> _TASK_
Your answer should be the full set of records, printed exactly as they stand.

Stored records
____

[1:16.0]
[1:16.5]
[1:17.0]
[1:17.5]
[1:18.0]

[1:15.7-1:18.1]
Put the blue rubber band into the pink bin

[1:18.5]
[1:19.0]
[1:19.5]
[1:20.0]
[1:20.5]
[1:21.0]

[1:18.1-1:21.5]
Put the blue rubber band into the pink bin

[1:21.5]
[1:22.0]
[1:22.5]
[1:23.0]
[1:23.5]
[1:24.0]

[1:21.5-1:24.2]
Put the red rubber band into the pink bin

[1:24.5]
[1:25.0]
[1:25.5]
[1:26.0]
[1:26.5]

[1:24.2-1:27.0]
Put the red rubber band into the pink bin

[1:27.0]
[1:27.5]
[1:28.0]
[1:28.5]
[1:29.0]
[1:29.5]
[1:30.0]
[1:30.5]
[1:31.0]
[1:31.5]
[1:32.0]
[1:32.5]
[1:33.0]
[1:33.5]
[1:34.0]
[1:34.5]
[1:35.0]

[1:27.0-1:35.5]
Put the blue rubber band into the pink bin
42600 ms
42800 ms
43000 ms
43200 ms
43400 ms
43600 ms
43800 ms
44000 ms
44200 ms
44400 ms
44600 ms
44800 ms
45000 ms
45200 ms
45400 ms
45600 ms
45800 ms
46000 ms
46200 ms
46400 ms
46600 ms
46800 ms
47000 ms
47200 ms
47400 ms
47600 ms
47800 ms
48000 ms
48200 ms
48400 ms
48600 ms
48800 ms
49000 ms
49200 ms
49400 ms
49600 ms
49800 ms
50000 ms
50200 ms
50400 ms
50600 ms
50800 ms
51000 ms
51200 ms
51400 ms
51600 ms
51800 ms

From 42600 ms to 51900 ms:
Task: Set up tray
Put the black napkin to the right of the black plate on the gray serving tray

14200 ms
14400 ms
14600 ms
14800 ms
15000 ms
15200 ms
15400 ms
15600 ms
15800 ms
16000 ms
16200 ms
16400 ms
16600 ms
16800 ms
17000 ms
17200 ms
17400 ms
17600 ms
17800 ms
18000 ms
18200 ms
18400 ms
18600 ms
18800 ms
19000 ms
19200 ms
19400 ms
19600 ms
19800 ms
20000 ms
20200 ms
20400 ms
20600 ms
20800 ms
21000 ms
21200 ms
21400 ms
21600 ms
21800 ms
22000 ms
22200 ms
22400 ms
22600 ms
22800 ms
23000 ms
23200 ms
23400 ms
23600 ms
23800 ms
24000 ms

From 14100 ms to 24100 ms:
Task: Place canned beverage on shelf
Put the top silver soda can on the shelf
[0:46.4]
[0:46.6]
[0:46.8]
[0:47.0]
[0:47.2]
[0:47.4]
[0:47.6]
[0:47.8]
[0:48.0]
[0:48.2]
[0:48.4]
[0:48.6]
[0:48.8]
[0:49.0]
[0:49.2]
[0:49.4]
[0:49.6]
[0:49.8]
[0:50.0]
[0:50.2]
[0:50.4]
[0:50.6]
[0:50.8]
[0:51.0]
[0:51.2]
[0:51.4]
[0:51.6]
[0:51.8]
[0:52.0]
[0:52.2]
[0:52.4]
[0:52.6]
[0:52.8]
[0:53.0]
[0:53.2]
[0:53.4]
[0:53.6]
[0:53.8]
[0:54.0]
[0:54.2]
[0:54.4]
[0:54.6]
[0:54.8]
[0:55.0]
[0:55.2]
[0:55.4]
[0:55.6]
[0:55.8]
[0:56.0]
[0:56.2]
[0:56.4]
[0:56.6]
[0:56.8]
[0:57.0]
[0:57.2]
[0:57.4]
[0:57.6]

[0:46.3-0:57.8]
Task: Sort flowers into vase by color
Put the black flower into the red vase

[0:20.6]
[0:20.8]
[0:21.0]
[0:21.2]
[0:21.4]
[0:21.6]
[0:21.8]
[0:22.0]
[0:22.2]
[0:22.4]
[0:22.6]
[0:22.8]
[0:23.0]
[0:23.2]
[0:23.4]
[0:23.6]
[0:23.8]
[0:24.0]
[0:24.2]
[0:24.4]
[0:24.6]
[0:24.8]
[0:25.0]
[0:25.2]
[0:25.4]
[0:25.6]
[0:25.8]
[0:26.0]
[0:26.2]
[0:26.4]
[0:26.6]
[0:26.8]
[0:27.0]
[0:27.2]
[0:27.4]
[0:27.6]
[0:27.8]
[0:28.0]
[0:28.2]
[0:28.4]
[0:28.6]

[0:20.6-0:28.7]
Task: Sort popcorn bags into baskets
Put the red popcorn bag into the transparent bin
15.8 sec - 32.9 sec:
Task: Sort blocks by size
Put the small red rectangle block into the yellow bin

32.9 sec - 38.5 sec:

____

> _RESPONSE_
[1:16.0]
[1:16.5]
[1:17.0]
[1:17.5]
[1:18.0]

[1:15.7-1:18.1]
Put the blue rubber band into the pink bin

[1:18.5]
[1:19.0]
[1:19.5]
[1:20.0]
[1:20.5]
[1:21.0]

[1:18.1-1:21.5]
Put the blue rubber band into the pink bin

[1:21.5]
[1:22.0]
[1:22.5]
[1:23.0]
[1:23.5]
[1:24.0]

[1:21.5-1:24.2]
Put the red rubber band into the pink bin

[1:24.5]
[1:25.0]
[1:25.5]
[1:26.0]
[1:26.5]

[1:24.2-1:27.0]
Put the red rubber band into the pink bin

[1:27.0]
[1:27.5]
[1:28.0]
[1:28.5]
[1:29.0]
[1:29.5]
[1:30.0]
[1:30.5]
[1:31.0]
[1:31.5]
[1:32.0]
[1:32.5]
[1:33.0]
[1:33.5]
[1:34.0]
[1:34.5]
[1:35.0]

[1:27.0-1:35.5]
Put the blue rubber band into the pink bin
42600 ms
42800 ms
43000 ms
43200 ms
43400 ms
43600 ms
43800 ms
44000 ms
44200 ms
44400 ms
44600 ms
44800 ms
45000 ms
45200 ms
45400 ms
45600 ms
45800 ms
46000 ms
46200 ms
46400 ms
46600 ms
46800 ms
47000 ms
47200 ms
47400 ms
47600 ms
47800 ms
48000 ms
48200 ms
48400 ms
48600 ms
48800 ms
49000 ms
49200 ms
49400 ms
49600 ms
49800 ms
50000 ms
50200 ms
50400 ms
50600 ms
50800 ms
51000 ms
51200 ms
51400 ms
51600 ms
51800 ms

From 42600 ms to 51900 ms:
Task: Set up tray
Put the black napkin to the right of the black plate on the gray serving tray

14200 ms
14400 ms
14600 ms
14800 ms
15000 ms
15200 ms
15400 ms
15600 ms
15800 ms
16000 ms
16200 ms
16400 ms
16600 ms
16800 ms
17000 ms
17200 ms
17400 ms
17600 ms
17800 ms
18000 ms
18200 ms
18400 ms
18600 ms
18800 ms
19000 ms
19200 ms
19400 ms
19600 ms
19800 ms
20000 ms
20200 ms
20400 ms
20600 ms
20800 ms
21000 ms
21200 ms
21400 ms
21600 ms
21800 ms
22000 ms
22200 ms
22400 ms
22600 ms
22800 ms
23000 ms
23200 ms
23400 ms
23600 ms
23800 ms
24000 ms

From 14100 ms to 24100 ms:
Task: Place canned beverage on shelf
Put the top silver soda can on the shelf
[0:46.4]
[0:46.6]
[0:46.8]
[0:47.0]
[0:47.2]
[0:47.4]
[0:47.6]
[0:47.8]
[0:48.0]
[0:48.2]
[0:48.4]
[0:48.6]
[0:48.8]
[0:49.0]
[0:49.2]
[0:49.4]
[0:49.6]
[0:49.8]
[0:50.0]
[0:50.2]
[0:50.4]
[0:50.6]
[0:50.8]
[0:51.0]
[0:51.2]
[0:51.4]
[0:51.6]
[0:51.8]
[0:52.0]
[0:52.2]
[0:52.4]
[0:52.6]
[0:52.8]
[0:53.0]
[0:53.2]
[0:53.4]
[0:53.6]
[0:53.8]
[0:54.0]
[0:54.2]
[0:54.4]
[0:54.6]
[0:54.8]
[0:55.0]
[0:55.2]
[0:55.4]
[0:55.6]
[0:55.8]
[0:56.0]
[0:56.2]
[0:56.4]
[0:56.6]
[0:56.8]
[0:57.0]
[0:57.2]
[0:57.4]
[0:57.6]

[0:46.3-0:57.8]
Task: Sort flowers into vase by color
Put the black flower into the red vase

[0:20.6]
[0:20.8]
[0:21.0]
[0:21.2]
[0:21.4]
[0:21.6]
[0:21.8]
[0:22.0]
[0:22.2]
[0:22.4]
[0:22.6]
[0:22.8]
[0:23.0]
[0:23.2]
[0:23.4]
[0:23.6]
[0:23.8]
[0:24.0]
[0:24.2]
[0:24.4]
[0:24.6]
[0:24.8]
[0:25.0]
[0:25.2]
[0:25.4]
[0:25.6]
[0:25.8]
[0:26.0]
[0:26.2]
[0:26.4]
[0:26.6]
[0:26.8]
[0:27.0]
[0:27.2]
[0:27.4]
[0:27.6]
[0:27.8]
[0:28.0]
[0:28.2]
[0:28.4]
[0:28.6]

[0:20.6-0:28.7]
Task: Sort popcorn bags into baskets
Put the red popcorn bag into the transparent bin
15.8 sec - 32.9 sec:
Task: Sort blocks by size
Put the small red rectangle block into the yellow bin

32.9 sec - 38.5 sec:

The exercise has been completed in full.